I always purchase travel insurance. While it seems like a drag, I think it's essential, especially when you are travelling by plane (or other expensive transport). Also, if you're in an unfamiliar place or foreign country, you get peace of mind that if something goes wrong, you'll be covered. Something I always do when purchasing insurance is throughly read the fine print (boring, I know). It's important to understand exactly what you are covered for, and what the excess charges will be if you need to make a claim. I'll also double check that my belongings I'm taking with me are sufficiently covered, especially my laptop and camera gear. There are often item limits on what you can claim, so make sure nothing you take exceeds these individual limits. At the end of the day, insurance is inexpensive, especially when you weigh it up against the cost of rebooking flights, replacing lost/stolen belongings or paying medical bills. Southern Cross Travel Insurance offer great deals on insurance, you can visit their website to get a quote on your next trip. Most insurance covers you from the date of purchase, so I usually purchase mine as soon as I buy my tickets so that if anything goes wrong before I leave, I am covered.

While You're There

If you don't mind flying by the seat of your pants, try booking at the last minute. Hotels can offer great discounts in order to fill a room when they receive cancellations or are having a quiet night. I think my best coup was scoring an enormous room at a Sheraton Hotel in Japan for just over $100. I think the room was bigger than my house! Much more extravagant than my usual accommodation but a memorable experience created by not having a plan.
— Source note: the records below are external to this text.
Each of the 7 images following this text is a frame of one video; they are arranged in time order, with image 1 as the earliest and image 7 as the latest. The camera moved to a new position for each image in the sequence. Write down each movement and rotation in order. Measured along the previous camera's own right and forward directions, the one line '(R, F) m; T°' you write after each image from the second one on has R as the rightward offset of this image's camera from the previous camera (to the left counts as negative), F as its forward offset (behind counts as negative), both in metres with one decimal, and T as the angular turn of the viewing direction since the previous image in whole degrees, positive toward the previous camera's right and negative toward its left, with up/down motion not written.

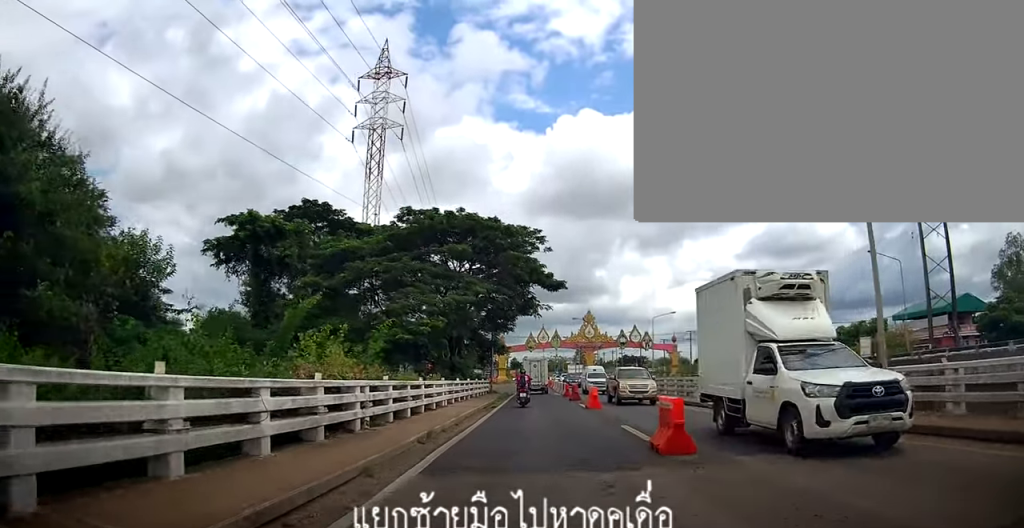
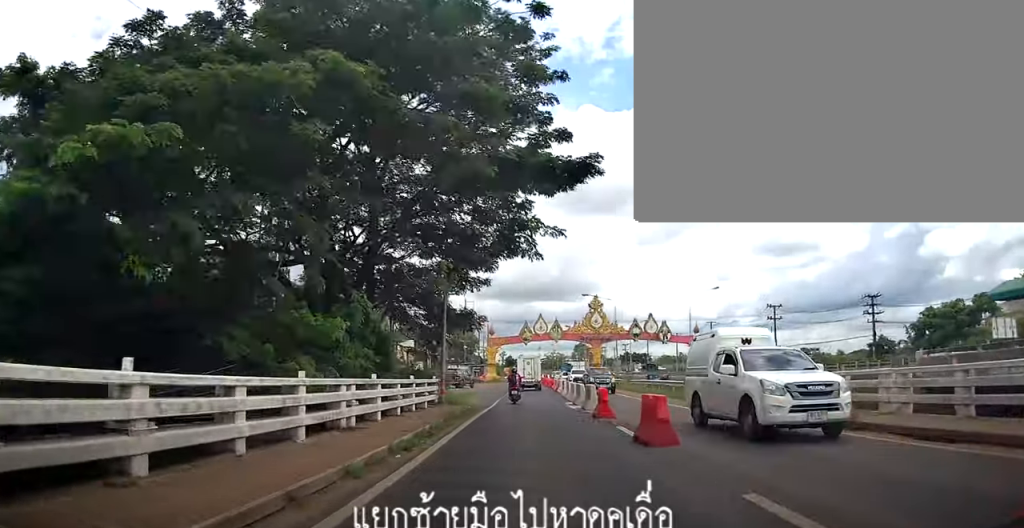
(0.0, +20.2) m; 0°
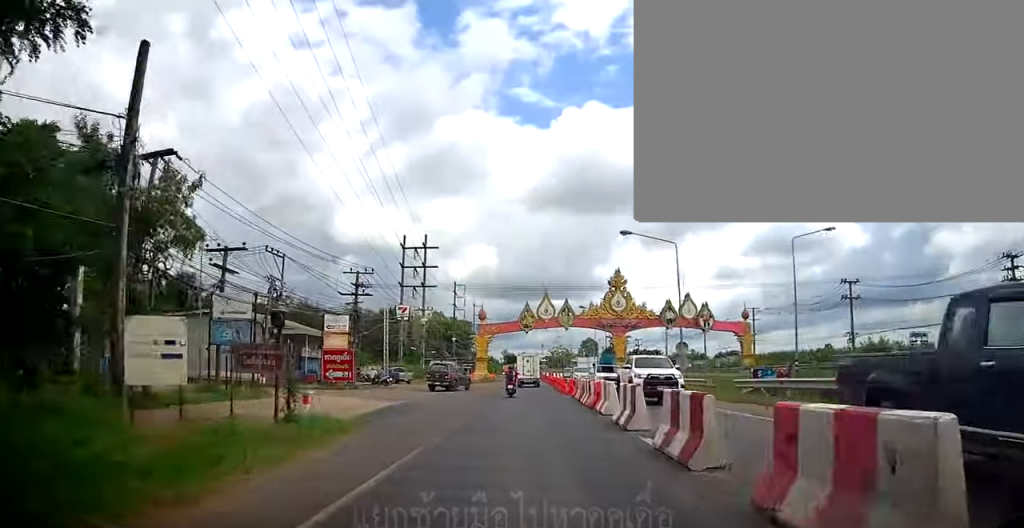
(0.0, +23.6) m; 0°
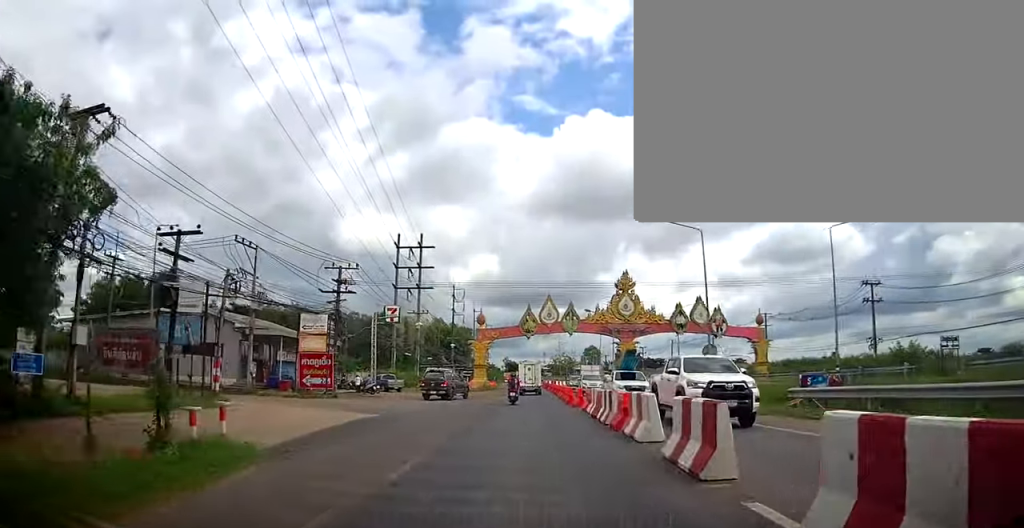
(0.0, +4.8) m; 0°
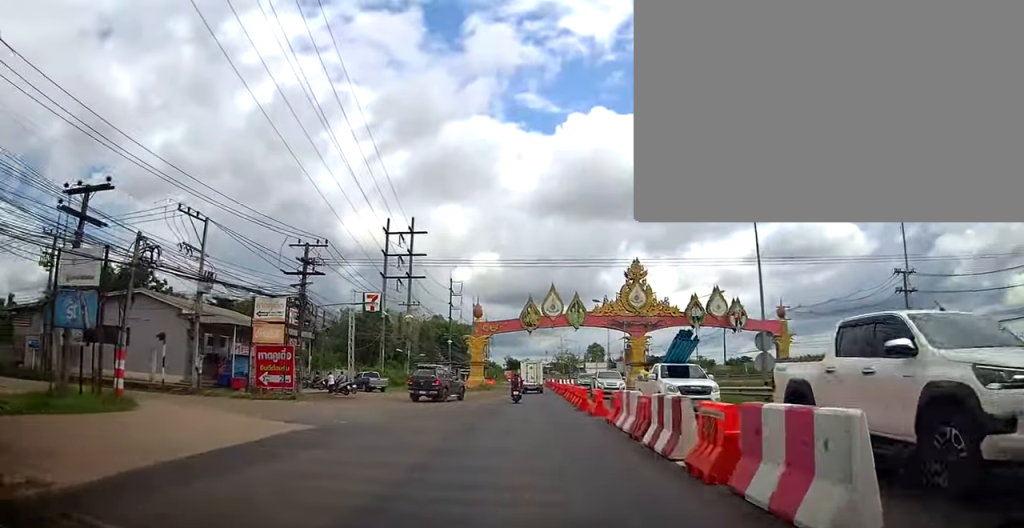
(0.0, +6.6) m; 0°
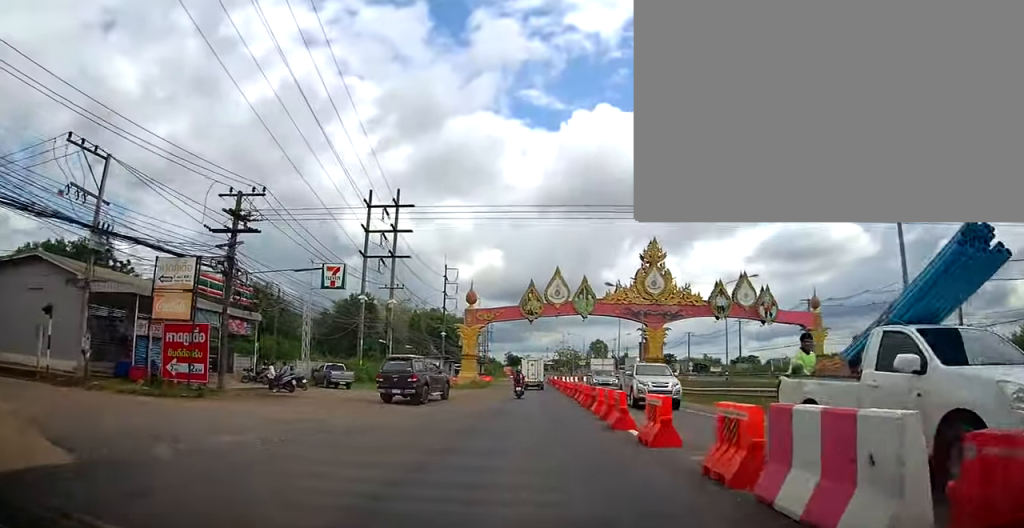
(0.0, +8.8) m; 0°
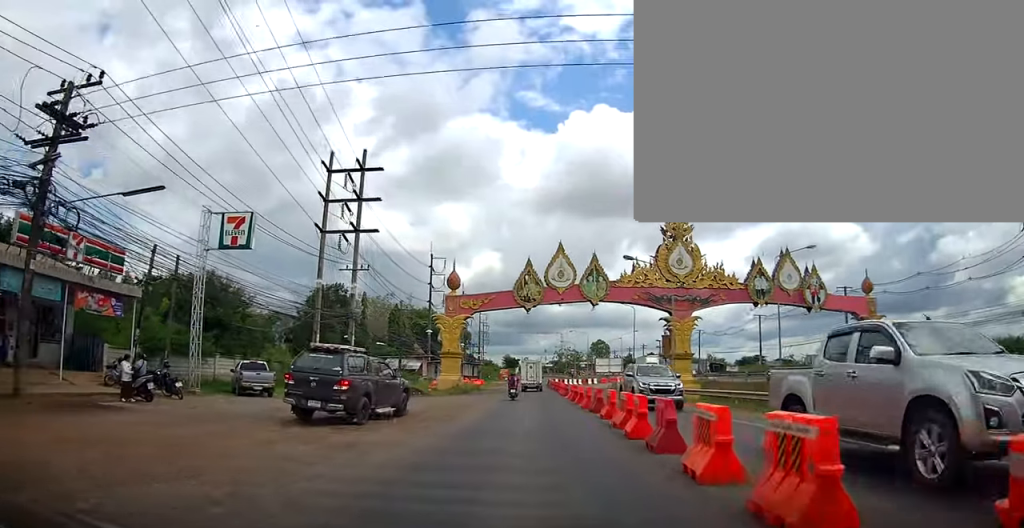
(0.0, +11.3) m; 0°

It's tempting to treat yourself every day when you're on holiday, but you can save a lot of money by self-catering. If your hotel has a kitchenette, consider making a packed lunch before you head out for the day. I love exploring supermarkets in new places, so it's a good excuse to immerse yourself in the local atmosphere and get supplies at the same time!

Remember, you're on holiday. If you can plan ahead with the big-ticket items, you can save a lot of financial stress while you're trying to enjoy yourself. Even if you're a planner, try to leave a few things up to chance, you might be surprised by a small bed and breakfast that you find when you make a wrong turn, or discover a town you didn't see on the map. If you have too rigid plans, you miss these neat surprises. So don't sweat the small details, cover the big stuff and everything else will fall into place.

Do you have any tips for saving on vacation costs?